Content starts

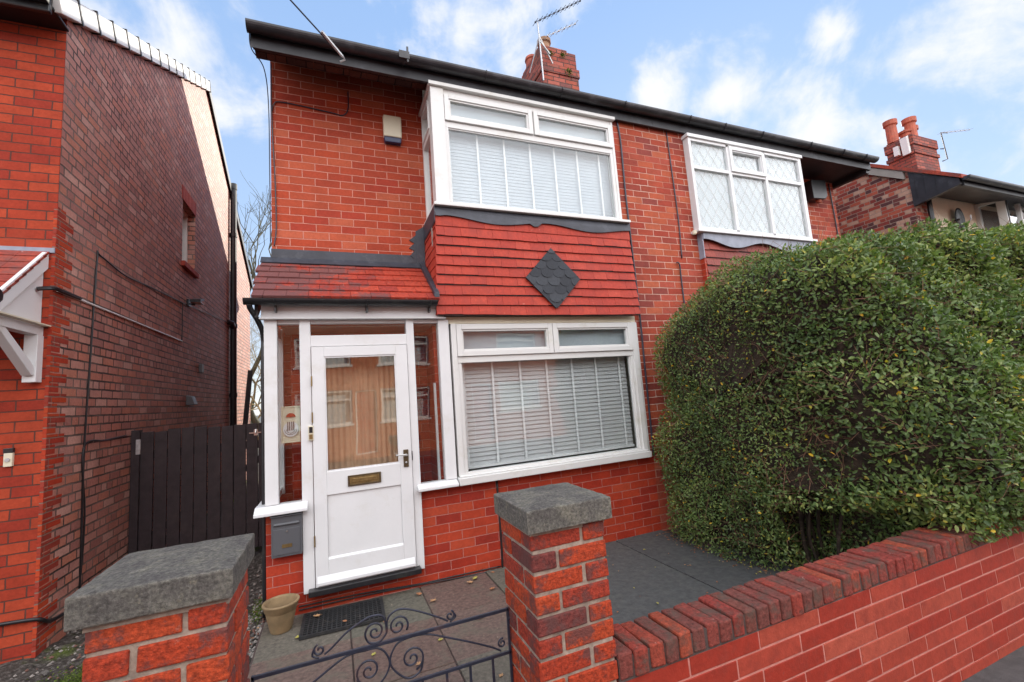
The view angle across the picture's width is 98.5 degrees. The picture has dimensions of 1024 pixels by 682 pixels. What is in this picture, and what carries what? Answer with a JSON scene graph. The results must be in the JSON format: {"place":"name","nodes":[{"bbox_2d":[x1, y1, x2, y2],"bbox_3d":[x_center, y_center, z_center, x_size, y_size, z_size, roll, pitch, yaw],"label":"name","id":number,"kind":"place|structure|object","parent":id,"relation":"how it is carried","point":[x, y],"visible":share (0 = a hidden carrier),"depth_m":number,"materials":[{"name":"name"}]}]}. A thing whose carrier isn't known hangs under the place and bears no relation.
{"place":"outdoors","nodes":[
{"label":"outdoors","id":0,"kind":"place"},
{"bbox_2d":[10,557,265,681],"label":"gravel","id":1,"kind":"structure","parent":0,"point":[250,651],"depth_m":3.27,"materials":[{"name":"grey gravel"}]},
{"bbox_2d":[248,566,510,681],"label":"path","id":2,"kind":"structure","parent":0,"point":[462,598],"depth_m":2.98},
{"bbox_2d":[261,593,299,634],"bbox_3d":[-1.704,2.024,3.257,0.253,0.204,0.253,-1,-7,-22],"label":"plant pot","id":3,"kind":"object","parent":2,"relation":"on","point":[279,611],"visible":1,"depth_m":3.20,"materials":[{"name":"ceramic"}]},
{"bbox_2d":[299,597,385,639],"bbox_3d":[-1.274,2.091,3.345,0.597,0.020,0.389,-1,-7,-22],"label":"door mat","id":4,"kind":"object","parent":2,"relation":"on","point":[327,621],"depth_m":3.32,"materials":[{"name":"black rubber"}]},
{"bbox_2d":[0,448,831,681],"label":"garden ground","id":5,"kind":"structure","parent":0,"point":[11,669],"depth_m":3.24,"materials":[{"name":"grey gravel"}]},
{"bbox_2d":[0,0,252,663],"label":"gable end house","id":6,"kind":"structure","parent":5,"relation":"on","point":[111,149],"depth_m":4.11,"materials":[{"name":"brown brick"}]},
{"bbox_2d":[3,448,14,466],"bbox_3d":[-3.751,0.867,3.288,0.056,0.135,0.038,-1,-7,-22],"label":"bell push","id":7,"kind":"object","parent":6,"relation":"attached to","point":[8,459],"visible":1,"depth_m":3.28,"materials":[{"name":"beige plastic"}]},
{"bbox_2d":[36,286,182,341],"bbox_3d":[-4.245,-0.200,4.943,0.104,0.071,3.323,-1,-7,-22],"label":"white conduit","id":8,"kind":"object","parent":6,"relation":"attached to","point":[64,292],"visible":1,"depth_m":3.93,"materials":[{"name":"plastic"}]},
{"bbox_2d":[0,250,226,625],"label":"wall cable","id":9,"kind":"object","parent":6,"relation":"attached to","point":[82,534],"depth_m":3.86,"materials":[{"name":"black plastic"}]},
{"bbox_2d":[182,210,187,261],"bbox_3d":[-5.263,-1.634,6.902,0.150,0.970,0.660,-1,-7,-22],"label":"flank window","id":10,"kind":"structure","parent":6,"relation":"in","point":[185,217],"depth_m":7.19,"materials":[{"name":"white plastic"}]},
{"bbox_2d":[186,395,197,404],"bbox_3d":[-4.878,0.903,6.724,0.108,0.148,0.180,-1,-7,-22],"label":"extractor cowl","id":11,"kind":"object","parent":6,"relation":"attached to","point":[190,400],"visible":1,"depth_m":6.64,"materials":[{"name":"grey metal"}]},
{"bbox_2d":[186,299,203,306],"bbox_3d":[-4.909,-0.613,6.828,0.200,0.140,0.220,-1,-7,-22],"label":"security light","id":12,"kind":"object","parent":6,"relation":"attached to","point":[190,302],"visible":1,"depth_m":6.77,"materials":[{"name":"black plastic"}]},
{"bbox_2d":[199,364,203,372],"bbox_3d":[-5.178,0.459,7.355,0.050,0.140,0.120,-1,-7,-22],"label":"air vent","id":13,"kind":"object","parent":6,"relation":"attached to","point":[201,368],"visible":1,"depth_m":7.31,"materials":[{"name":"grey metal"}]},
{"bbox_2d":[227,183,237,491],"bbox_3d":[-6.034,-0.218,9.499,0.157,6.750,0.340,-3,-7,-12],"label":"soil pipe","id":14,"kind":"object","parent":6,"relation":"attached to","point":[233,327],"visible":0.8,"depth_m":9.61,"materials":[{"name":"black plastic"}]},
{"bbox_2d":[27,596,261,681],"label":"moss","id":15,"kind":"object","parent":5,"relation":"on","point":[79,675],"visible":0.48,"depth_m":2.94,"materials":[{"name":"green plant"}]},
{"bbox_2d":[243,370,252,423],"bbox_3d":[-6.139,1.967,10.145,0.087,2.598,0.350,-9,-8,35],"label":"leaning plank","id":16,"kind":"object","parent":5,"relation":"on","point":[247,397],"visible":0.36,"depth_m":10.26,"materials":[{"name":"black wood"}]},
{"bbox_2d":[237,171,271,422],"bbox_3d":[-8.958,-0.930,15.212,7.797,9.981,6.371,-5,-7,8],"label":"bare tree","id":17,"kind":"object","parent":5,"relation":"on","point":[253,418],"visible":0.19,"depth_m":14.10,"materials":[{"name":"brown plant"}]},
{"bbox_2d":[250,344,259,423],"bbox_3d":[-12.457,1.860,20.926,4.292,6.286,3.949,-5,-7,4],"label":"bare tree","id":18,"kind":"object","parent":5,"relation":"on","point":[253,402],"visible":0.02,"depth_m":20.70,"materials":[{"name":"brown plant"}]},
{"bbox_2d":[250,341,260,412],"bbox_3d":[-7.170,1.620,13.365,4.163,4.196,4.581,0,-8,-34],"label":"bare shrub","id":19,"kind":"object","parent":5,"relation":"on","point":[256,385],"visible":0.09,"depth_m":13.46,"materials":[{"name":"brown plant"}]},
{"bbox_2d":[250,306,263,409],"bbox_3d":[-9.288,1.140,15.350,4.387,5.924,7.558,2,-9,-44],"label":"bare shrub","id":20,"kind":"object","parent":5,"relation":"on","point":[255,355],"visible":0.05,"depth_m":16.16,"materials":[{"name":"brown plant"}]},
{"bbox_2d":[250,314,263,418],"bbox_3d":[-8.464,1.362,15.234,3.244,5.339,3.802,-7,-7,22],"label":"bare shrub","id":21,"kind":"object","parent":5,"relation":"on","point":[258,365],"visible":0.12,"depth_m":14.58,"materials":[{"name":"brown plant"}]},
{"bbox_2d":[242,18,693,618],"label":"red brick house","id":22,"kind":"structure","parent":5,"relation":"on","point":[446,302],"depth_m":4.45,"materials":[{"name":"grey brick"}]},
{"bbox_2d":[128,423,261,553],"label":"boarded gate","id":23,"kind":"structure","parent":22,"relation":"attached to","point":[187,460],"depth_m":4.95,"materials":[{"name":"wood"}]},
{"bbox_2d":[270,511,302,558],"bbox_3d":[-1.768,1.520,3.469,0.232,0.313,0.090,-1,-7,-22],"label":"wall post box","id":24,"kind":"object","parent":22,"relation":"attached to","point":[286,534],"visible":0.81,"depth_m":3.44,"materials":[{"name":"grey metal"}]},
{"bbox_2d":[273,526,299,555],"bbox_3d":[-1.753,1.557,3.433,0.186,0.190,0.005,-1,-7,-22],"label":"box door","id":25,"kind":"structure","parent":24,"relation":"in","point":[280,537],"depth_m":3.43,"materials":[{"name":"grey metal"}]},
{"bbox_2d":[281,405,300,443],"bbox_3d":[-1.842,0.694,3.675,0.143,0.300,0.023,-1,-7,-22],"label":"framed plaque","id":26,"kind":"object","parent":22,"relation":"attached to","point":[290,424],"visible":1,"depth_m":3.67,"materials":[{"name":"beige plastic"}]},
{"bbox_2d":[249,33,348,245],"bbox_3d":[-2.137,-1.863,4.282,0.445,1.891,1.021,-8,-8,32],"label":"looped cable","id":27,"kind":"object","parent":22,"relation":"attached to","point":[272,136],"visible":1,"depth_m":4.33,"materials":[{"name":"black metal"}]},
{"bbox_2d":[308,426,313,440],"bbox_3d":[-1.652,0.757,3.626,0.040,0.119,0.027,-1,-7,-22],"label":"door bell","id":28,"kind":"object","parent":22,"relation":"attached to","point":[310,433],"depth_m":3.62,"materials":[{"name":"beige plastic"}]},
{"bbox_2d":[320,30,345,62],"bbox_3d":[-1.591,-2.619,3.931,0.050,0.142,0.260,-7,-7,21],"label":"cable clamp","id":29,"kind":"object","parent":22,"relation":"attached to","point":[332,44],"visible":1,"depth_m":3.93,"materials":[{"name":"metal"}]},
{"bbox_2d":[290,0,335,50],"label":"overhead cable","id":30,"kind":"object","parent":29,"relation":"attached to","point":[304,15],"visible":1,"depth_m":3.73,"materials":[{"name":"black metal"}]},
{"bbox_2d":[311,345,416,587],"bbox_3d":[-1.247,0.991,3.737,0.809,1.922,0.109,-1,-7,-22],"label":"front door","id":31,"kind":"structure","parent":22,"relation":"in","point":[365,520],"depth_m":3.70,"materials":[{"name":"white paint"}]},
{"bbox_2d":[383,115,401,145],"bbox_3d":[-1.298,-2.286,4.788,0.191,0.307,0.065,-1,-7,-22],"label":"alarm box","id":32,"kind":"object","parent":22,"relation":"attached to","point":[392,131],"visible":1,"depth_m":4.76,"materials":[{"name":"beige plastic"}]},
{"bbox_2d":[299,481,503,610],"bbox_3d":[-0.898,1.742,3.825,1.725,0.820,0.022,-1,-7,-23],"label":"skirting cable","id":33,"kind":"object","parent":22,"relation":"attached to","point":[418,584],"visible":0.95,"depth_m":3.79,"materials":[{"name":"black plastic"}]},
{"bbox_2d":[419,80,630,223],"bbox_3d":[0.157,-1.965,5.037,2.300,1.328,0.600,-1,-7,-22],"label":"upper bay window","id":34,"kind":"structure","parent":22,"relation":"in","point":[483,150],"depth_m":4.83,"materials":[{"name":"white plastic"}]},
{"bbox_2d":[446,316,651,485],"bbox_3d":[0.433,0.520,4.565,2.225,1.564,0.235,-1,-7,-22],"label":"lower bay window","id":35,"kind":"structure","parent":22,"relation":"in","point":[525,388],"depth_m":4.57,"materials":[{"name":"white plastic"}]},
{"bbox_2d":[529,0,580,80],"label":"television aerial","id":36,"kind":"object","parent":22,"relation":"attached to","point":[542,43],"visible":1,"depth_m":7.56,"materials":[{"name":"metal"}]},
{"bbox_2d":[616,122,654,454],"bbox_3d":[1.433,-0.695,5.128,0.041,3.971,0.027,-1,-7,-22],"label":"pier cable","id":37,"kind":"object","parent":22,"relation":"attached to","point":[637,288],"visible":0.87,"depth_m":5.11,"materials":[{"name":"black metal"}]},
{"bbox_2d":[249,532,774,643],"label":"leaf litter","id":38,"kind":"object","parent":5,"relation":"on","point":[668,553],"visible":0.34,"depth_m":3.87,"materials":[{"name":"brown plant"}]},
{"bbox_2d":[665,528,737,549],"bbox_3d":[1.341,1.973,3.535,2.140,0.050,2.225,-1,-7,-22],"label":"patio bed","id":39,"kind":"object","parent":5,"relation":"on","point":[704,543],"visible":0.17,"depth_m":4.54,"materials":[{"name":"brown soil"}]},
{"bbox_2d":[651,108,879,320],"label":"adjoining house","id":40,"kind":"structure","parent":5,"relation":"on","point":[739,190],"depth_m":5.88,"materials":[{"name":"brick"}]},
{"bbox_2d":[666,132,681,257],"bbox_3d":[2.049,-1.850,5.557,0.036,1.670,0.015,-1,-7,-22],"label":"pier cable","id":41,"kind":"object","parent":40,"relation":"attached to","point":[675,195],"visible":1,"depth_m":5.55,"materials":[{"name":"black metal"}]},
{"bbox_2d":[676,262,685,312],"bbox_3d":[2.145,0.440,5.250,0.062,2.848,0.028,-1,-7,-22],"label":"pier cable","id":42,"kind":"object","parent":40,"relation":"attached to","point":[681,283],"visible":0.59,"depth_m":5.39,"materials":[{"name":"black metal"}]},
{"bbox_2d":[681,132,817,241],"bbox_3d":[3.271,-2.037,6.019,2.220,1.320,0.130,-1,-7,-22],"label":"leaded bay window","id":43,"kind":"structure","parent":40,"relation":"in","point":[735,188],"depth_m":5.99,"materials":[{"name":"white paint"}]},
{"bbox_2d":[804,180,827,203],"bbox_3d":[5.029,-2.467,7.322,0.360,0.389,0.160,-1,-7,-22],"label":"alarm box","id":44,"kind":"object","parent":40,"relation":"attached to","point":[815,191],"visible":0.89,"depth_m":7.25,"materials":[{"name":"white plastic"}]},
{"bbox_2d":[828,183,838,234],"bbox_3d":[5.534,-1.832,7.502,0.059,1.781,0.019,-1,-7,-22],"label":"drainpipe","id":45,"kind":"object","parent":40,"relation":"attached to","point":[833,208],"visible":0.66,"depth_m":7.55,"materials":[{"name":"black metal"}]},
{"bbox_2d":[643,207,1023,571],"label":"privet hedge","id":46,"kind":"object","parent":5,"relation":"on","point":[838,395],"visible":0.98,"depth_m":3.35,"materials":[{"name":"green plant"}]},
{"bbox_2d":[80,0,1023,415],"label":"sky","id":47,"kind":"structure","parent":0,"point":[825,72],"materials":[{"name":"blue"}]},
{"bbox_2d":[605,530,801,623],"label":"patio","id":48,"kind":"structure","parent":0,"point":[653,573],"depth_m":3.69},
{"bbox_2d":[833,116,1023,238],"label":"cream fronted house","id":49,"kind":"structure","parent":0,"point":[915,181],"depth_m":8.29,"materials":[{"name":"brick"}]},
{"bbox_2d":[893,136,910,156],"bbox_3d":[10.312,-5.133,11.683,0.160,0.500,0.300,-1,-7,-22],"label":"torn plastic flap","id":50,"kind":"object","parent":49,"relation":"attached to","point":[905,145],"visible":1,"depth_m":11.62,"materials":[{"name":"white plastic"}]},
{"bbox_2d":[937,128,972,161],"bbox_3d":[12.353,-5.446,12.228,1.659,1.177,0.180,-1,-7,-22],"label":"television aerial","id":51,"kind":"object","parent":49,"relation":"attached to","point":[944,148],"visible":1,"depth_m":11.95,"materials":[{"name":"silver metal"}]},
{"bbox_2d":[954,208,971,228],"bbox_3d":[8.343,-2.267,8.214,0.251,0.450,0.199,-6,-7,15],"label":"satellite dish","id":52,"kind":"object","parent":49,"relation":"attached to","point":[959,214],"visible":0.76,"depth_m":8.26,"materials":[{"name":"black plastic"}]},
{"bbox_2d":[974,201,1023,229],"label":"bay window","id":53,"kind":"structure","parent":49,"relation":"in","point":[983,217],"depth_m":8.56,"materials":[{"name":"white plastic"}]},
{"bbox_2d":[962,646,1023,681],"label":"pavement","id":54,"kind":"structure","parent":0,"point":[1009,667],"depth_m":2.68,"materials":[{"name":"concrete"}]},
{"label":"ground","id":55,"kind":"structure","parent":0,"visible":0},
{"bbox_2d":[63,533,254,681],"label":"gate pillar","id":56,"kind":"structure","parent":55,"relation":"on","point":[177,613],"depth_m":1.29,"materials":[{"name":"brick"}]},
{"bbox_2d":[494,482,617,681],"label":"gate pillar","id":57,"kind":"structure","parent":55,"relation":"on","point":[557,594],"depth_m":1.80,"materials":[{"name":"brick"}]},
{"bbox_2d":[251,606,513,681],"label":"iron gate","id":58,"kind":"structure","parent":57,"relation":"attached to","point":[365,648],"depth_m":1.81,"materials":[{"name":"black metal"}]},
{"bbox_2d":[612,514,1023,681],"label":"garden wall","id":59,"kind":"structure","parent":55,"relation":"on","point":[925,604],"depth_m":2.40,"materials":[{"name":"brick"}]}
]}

Content ends

What the task asks. Make a list of all lines in the data that contain "garden".

Final answer.
{"bbox_2d":[0,448,831,681],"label":"garden ground","id":5,"kind":"structure","parent":0,"point":[11,669],"depth_m":3.24,"materials":[{"name":"grey gravel"}]},
{"bbox_2d":[612,514,1023,681],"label":"garden wall","id":59,"kind":"structure","parent":55,"relation":"on","point":[925,604],"depth_m":2.40,"materials":[{"name":"brick"}]}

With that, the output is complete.